- _Exercise objective_: Type out each record word for word. Pictures stay out.

- _Input records_:

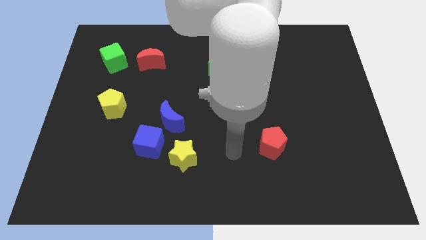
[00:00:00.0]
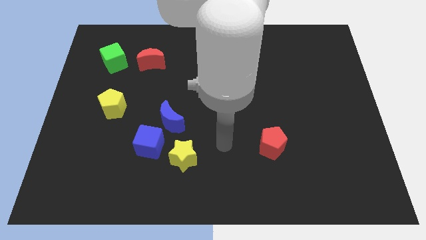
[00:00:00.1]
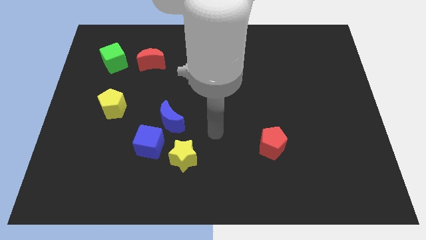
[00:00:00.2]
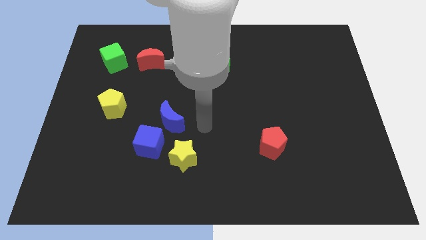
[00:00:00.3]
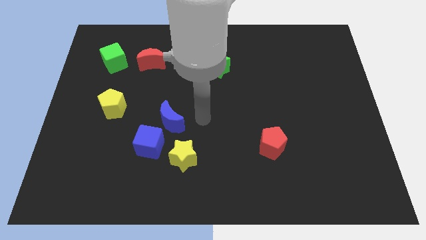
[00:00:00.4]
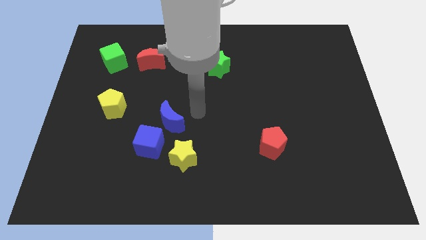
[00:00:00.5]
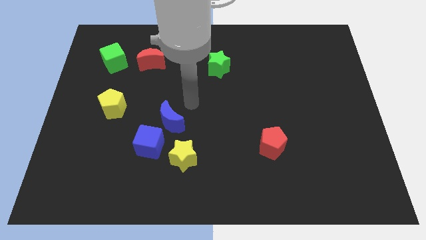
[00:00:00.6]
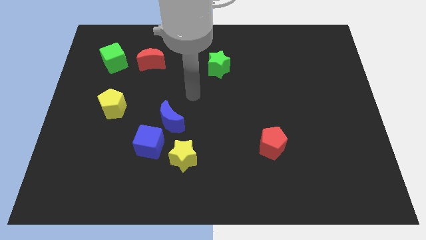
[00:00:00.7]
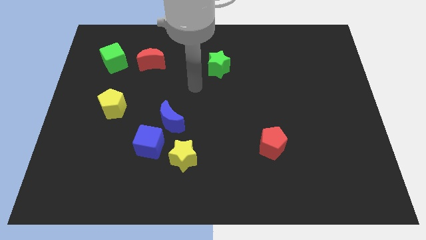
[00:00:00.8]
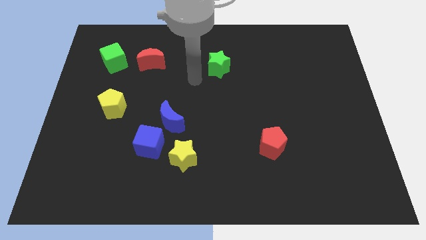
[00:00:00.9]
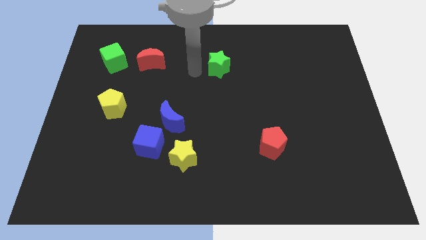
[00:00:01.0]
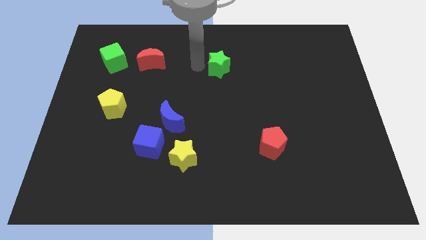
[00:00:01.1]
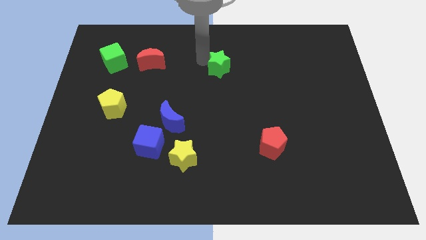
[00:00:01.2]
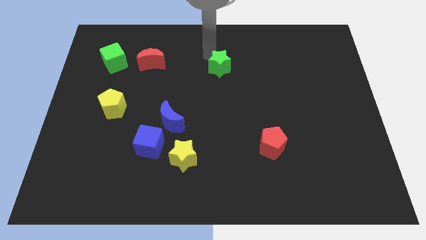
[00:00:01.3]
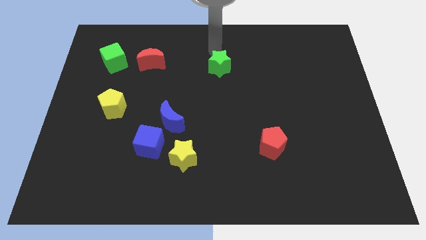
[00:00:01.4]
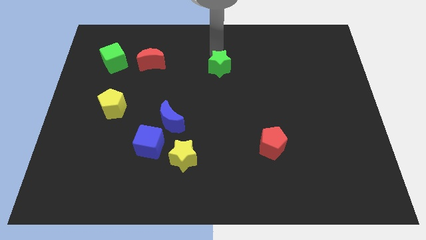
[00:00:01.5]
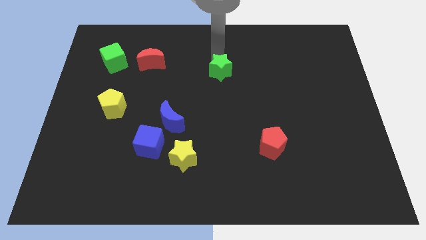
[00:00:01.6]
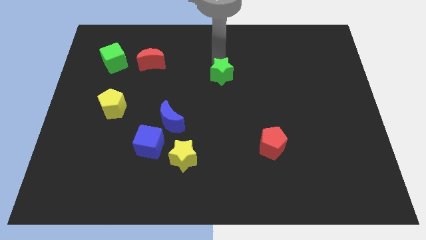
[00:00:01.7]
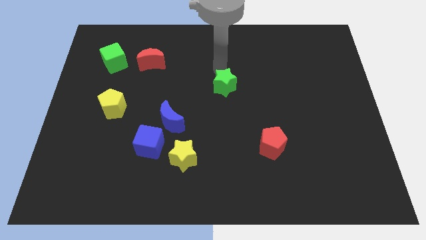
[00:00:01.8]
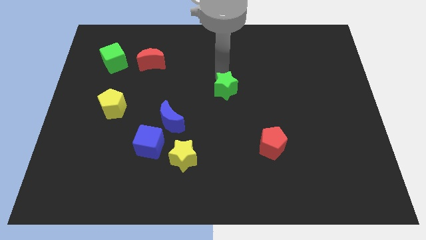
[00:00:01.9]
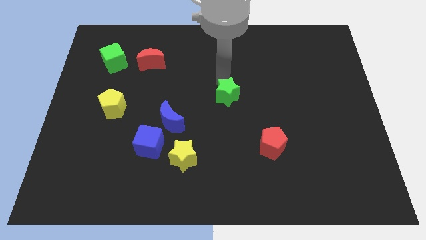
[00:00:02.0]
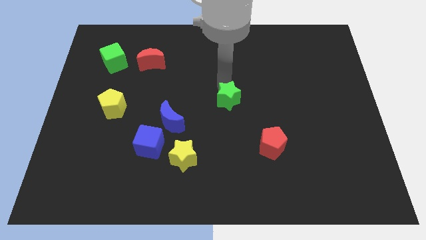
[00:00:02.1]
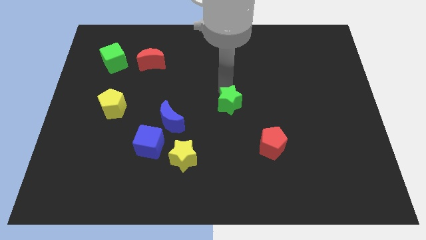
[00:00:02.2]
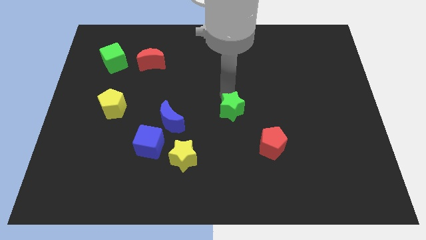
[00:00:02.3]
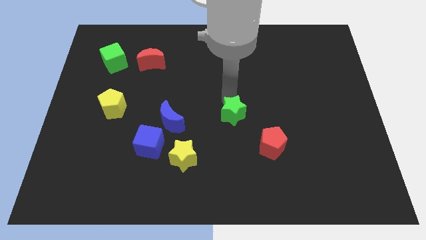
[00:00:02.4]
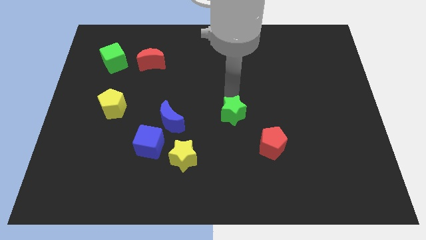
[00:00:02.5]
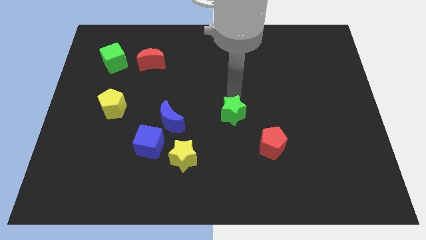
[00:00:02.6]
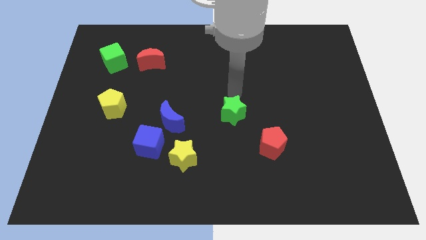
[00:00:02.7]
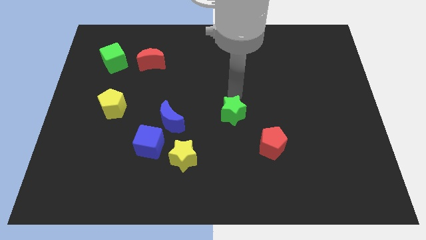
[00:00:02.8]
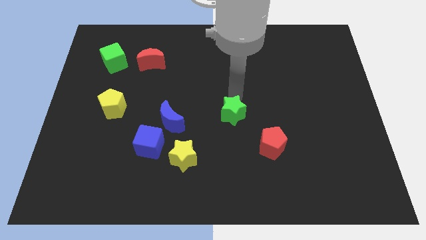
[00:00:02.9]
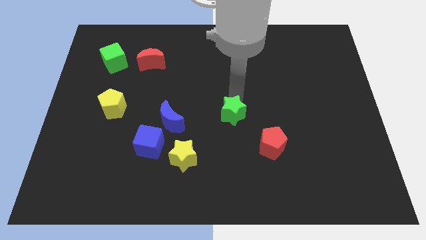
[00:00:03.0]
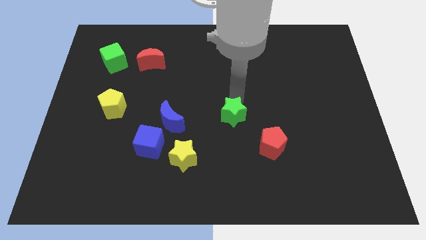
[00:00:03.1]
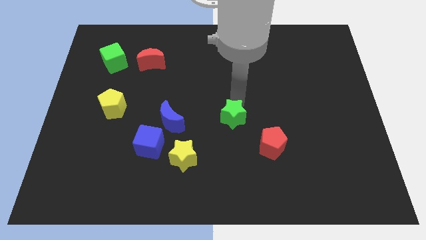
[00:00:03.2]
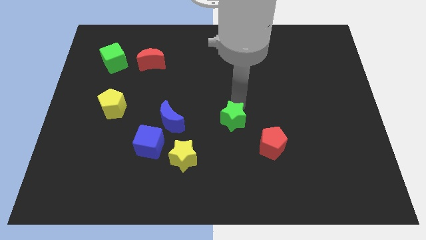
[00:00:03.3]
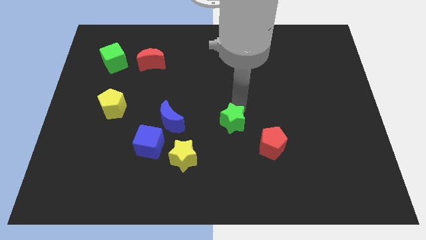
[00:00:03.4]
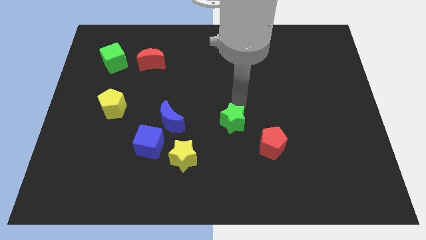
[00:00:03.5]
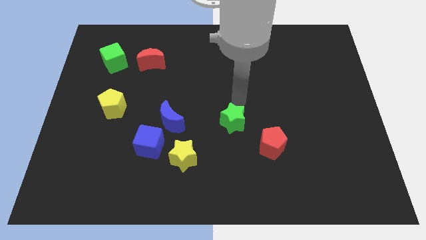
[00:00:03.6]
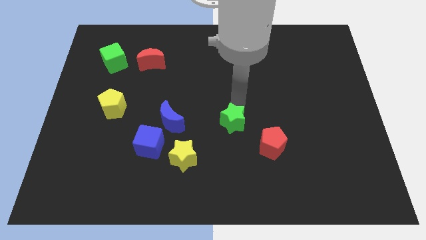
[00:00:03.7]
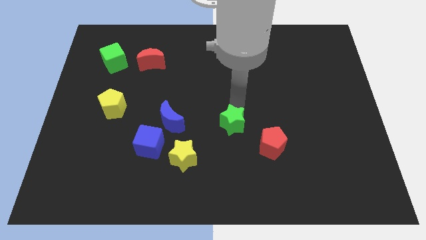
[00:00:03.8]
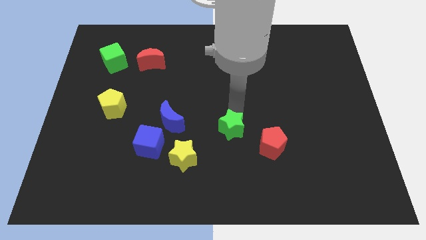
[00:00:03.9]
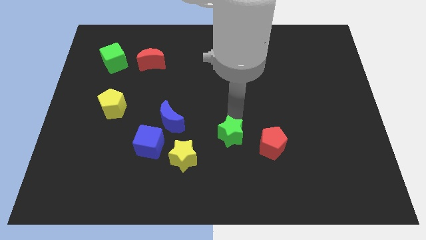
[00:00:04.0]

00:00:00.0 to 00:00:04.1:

- _Response_:
[00:00:00.0]
[00:00:00.1]
[00:00:00.2]
[00:00:00.3]
[00:00:00.4]
[00:00:00.5]
[00:00:00.6]
[00:00:00.7]
[00:00:00.8]
[00:00:00.9]
[00:00:01.0]
[00:00:01.1]
[00:00:01.2]
[00:00:01.3]
[00:00:01.4]
[00:00:01.5]
[00:00:01.6]
[00:00:01.7]
[00:00:01.8]
[00:00:01.9]
[00:00:02.0]
[00:00:02.1]
[00:00:02.2]
[00:00:02.3]
[00:00:02.4]
[00:00:02.5]
[00:00:02.6]
[00:00:02.7]
[00:00:02.8]
[00:00:02.9]
[00:00:03.0]
[00:00:03.1]
[00:00:03.2]
[00:00:03.3]
[00:00:03.4]
[00:00:03.5]
[00:00:03.6]
[00:00:03.7]
[00:00:03.8]
[00:00:03.9]
[00:00:04.0]

00:00:00.0 to 00:00:04.1:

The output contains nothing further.